Position: Interactive Generative Video as Next-Generation Game Engine
Jiwen Yu, Yiran Qin, Haoxuan Che, Quande Liu, Xintao Wang, Pengfei Wan, Di Zhang, Xihui Liu
TL;DR
This work argues that Interactive Generative Video (IGV) can underpin next-generation Generative Game Engines (GGE) by unifying content generation, physics-aware world modeling, user interactivity, memory, and causal intelligence. It proposes a six-module IGV framework (Generation, Control, Memory, Dynamics, Intelligence, Gameplay) and a five-level maturity roadmap (L0-L4) to guide development toward physics-compliant, causally coherent, self-evolving virtual worlds. The authors emphasize generalization to open-domain games, scalable learning from abundant video data, and the potential to dramatically reduce development costs while expanding creative freedom. They also discuss alternative viewpoints and ethical considerations, arguing that the transformative benefits justify pursuing IGV-based GGEs.
Abstract
Modern game development faces significant challenges in creativity and cost due to predetermined content in traditional game engines.
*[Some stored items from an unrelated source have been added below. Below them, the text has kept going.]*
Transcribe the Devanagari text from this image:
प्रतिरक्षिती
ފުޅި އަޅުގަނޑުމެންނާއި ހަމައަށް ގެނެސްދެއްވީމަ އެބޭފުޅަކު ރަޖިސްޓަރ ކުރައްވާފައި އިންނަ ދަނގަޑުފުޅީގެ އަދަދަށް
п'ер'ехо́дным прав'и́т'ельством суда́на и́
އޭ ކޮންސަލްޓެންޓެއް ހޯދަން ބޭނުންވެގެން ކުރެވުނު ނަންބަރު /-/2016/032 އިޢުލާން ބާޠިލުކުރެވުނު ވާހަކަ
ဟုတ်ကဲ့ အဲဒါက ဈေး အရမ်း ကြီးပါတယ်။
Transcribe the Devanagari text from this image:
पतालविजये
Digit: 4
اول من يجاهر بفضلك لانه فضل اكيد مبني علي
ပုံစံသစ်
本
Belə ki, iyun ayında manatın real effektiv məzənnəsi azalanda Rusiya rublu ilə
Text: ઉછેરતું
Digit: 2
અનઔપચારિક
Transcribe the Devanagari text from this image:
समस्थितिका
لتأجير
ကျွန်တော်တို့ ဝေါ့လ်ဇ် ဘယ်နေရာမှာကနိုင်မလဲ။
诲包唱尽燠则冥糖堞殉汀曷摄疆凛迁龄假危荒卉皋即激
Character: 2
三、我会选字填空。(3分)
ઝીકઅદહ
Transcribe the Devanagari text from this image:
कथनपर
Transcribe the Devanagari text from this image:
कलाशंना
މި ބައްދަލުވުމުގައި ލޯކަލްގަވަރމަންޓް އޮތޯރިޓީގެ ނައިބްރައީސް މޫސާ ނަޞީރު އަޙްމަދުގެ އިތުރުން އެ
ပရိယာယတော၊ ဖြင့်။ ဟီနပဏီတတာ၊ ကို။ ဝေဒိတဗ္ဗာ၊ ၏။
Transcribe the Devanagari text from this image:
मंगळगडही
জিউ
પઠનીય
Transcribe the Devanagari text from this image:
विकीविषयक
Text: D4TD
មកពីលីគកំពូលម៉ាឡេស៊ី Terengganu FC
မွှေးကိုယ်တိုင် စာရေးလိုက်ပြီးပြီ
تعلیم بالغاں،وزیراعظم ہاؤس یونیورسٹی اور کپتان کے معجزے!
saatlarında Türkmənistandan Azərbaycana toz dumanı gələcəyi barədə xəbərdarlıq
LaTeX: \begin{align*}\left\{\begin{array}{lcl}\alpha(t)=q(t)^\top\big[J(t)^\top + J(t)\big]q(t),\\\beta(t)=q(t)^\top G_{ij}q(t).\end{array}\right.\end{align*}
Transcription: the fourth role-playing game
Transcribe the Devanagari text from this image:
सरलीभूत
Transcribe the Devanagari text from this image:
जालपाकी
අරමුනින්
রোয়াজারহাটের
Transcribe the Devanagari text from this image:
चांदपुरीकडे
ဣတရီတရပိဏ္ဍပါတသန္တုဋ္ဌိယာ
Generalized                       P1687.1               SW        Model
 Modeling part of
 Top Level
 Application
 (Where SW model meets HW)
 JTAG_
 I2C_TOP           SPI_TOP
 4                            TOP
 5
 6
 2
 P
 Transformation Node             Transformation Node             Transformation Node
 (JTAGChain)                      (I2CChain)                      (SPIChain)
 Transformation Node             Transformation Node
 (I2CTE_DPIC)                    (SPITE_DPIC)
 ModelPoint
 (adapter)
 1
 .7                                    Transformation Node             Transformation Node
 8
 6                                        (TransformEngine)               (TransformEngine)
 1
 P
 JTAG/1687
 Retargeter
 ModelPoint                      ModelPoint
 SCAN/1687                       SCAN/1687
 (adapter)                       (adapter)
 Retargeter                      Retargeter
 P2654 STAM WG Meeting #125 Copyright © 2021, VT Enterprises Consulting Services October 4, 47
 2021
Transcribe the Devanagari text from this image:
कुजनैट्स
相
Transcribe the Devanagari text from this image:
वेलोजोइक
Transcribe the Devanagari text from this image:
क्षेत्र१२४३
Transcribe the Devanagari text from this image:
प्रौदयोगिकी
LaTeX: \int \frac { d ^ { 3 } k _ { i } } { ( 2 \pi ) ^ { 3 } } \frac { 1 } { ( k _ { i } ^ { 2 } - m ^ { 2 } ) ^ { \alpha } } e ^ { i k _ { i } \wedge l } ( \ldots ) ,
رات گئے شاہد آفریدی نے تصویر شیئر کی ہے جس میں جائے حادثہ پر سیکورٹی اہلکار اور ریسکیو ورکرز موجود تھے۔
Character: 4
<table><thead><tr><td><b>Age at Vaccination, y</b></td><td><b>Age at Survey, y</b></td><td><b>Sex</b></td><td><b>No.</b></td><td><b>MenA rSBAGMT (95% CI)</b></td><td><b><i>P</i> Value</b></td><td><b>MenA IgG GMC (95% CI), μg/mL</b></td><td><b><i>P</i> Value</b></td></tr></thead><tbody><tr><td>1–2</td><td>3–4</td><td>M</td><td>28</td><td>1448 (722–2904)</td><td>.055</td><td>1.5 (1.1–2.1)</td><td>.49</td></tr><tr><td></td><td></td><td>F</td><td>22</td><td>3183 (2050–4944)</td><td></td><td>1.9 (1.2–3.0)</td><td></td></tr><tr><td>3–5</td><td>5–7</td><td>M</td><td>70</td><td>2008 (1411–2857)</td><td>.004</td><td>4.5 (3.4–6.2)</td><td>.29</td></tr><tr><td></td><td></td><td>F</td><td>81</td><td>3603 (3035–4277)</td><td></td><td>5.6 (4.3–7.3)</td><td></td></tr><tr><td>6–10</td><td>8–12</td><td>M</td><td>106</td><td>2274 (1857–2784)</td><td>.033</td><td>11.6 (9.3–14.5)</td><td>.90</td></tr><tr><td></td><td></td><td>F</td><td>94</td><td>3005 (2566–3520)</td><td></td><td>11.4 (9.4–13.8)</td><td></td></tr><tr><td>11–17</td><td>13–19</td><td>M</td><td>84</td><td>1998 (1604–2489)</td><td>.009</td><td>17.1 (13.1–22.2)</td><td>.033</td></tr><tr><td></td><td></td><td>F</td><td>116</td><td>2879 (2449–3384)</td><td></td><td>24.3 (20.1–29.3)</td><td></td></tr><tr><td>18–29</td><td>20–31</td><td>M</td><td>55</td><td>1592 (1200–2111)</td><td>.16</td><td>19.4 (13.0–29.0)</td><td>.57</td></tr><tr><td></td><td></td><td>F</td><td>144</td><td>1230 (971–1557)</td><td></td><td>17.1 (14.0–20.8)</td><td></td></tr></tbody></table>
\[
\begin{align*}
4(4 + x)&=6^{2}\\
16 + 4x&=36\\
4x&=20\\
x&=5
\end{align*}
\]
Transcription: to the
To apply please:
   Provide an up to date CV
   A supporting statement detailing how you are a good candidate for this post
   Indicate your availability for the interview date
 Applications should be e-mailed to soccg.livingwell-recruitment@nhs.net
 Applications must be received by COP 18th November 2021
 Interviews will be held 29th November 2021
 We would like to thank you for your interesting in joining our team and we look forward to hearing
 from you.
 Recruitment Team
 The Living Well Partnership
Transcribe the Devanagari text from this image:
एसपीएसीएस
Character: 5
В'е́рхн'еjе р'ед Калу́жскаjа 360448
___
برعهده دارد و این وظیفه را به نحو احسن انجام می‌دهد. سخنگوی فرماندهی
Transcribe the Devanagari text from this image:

Recent breakthroughs in video generation models, capable of synthesizing realistic and interactive virtual environments, present an opportunity to revolutionize game creation. In this position paper, we propose Interactive Generative Video (IGV) as the foundation for Generative Game Engines (GGE), enabling unlimited novel content generation in next-generation gaming. GGE leverages IGV's unique strengths in unlimited high-quality content synthesis, physics-aware world modeling, user-controlled interactivity, long-term memory capabilities, and causal reasoning. We present a comprehensive framework detailing GGE's core modules and a hierarchical maturity roadmap (L0-L4) to guide its evolution. Our work charts a new course for game development in the AI era, envisioning a future where AI-powered generative systems fundamentally reshape how games are created and experienced.